Numpy ndarray multiplication

Question

I have two 3D numpy ndarray

A=np.array([[[1, 1],
             [1, 1],
             [1, 1]],

            [[2, 2],
             [2, 2],
             [2, 2]]])

B=np.array([[[ 2,  0],
             [ 0,  2]],

            [[ 2, -2],
             [-2,  2]]])

I want to create the AB array with elements AB_ijk=∑_m (A_ijm*B_imk) where the summation is only over the m-index (repeated) and not over i (that is in turn repeated).

In other words I can obtain di AB ndarray with this for loop

for i in range(2):
    AB[i,:,:]=np.dot(A[i,:,:],B[i,:,:])

and AB is equal to

array([[[ 2.,  2.],
    [ 2.,  2.],
    [ 2.,  2.]],

   [[ 0.,  0.],
    [ 0.,  0.],
    [ 0.,  0.]]])

Is there way to avoid the for loop? How can I obtain the AB array with tensordot or einsum?

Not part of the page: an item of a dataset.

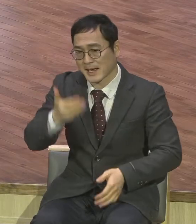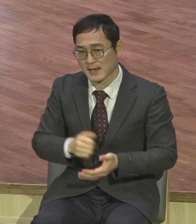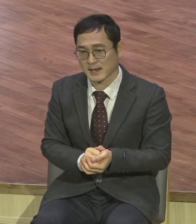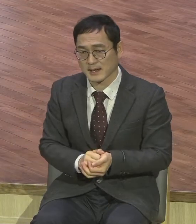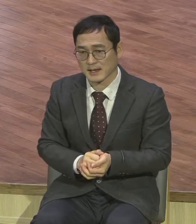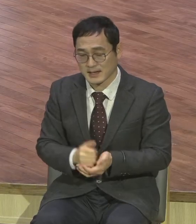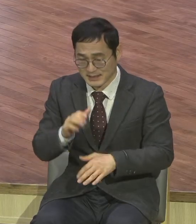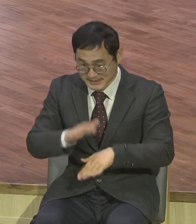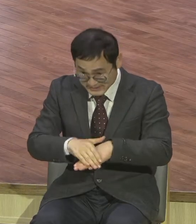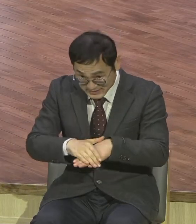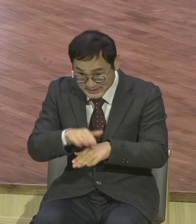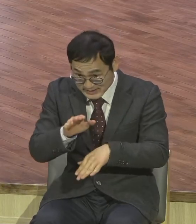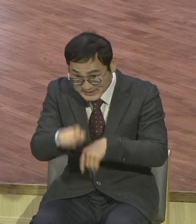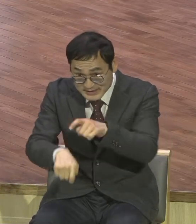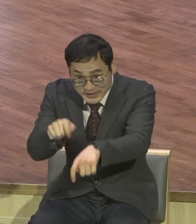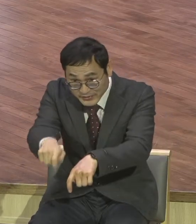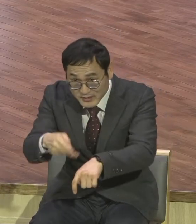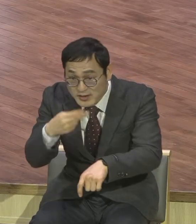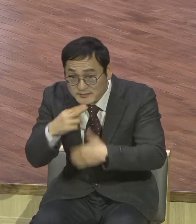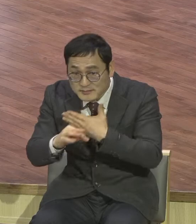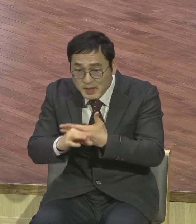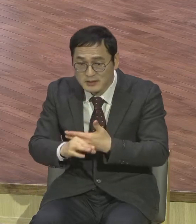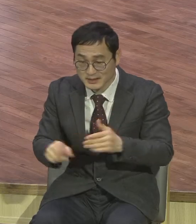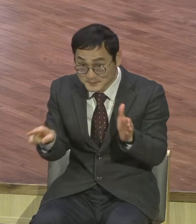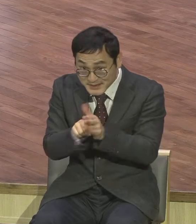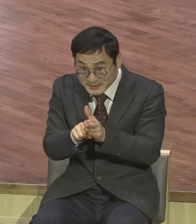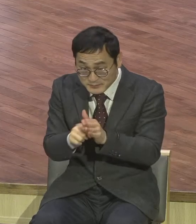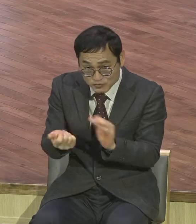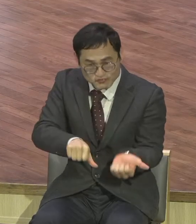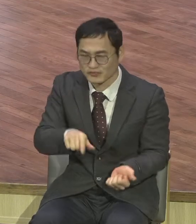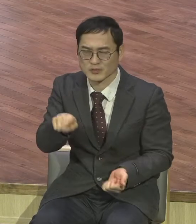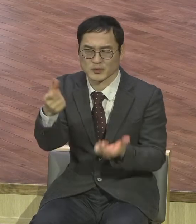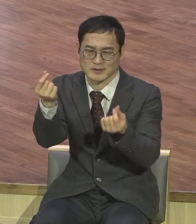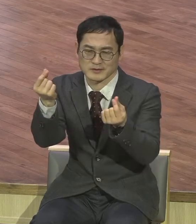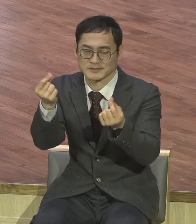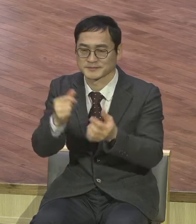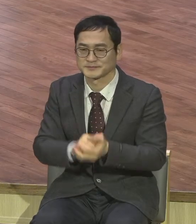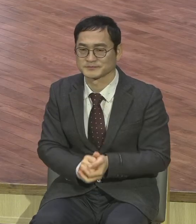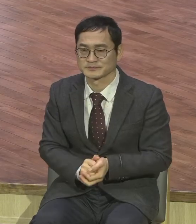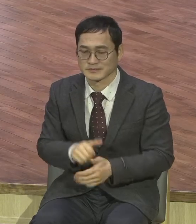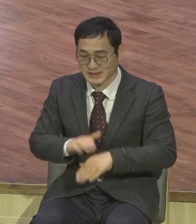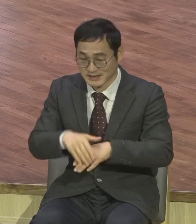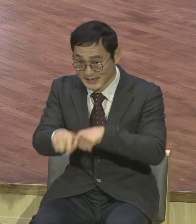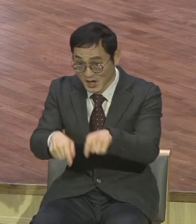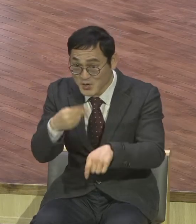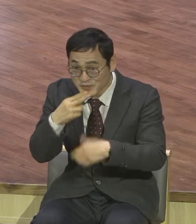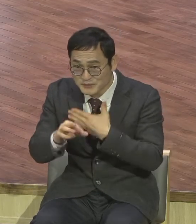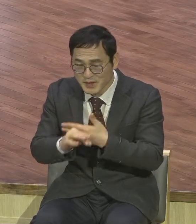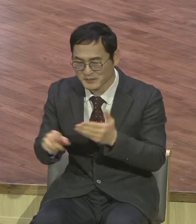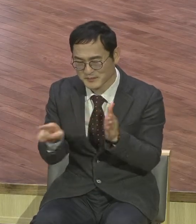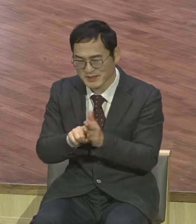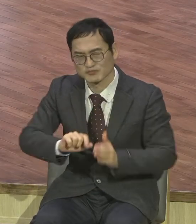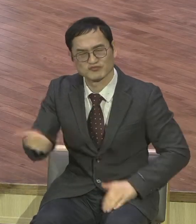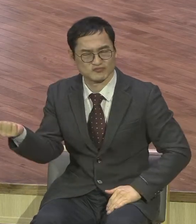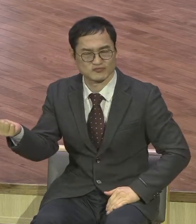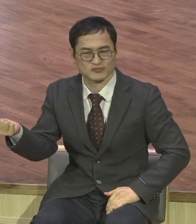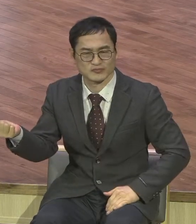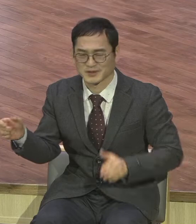믿음이라고요? 죽은 믿음입니다. 없다. 믿음 없는 사람입니다. 실행하지 않는 사람은 사실은 믿지 않는 사람이에요.

Thank you for your answers, I really appreciate it.

Answer 1

On a sufficiently recent NumPy (1.10+), you can do

AB = np.matmul(A, B)

or (if you also have Python 3.5+):

AB = A @ B

If you don't have NumPy 1.10+, you can do

AB = np.einsum('ijm,imk->ijk', A, B)

For large J/M/K dimensions, especially if you have a good BLAS, it might also be worth considering the explicit for loop with dot. The BLAS matrix multiply might save more time than the overhead of more interpreted Python loses. I think np.matmul and @ are supposed to take advantage of the same things dot does, but I don't think np.einsum does.

Answer 2

ABijk=∑m (Aijm*Bimk) translates to

AB = np.einsum('ijm,imk->ijk', A, B)

I think the matmul operator will also handle this

AB = A @ B

since it takes the normal dot on the the last 2 dimensions, carrying the rest along as free baggage.

Test those and let me know if they work.